#### Exercise objective
Your reply should reproduce all the data below exactly while excluding the pictures.

#### Data supplied
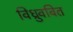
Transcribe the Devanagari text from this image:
विध्रुववित
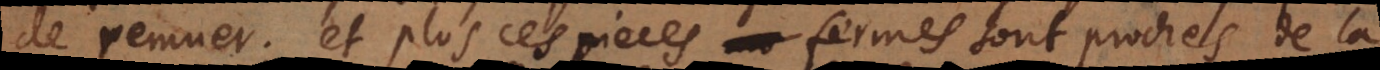
de remuer; et plus ces pieces fermes sont proches de la
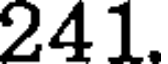
241.
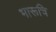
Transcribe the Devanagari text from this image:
भारूचि
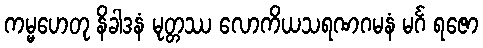
ကမ္မဟေတု နိခါဒနံ မုတ္တဿ လောကိယသရဏဂမနံ မင်္ဂ ရဇော
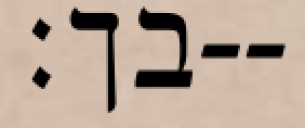
בך׃--
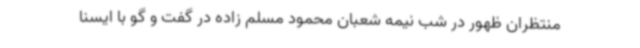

#### Solution
Transcribe the Devanagari text from this image:
विध्रुववित
de remuer; et plus ces pieces fermes sont proches de la
241.
Transcribe the Devanagari text from this image:
भारूचि
ကမ္မဟေတု နိခါဒနံ မုတ္တဿ လောကိယသရဏဂမနံ မင်္ဂ ရဇော
בך׃--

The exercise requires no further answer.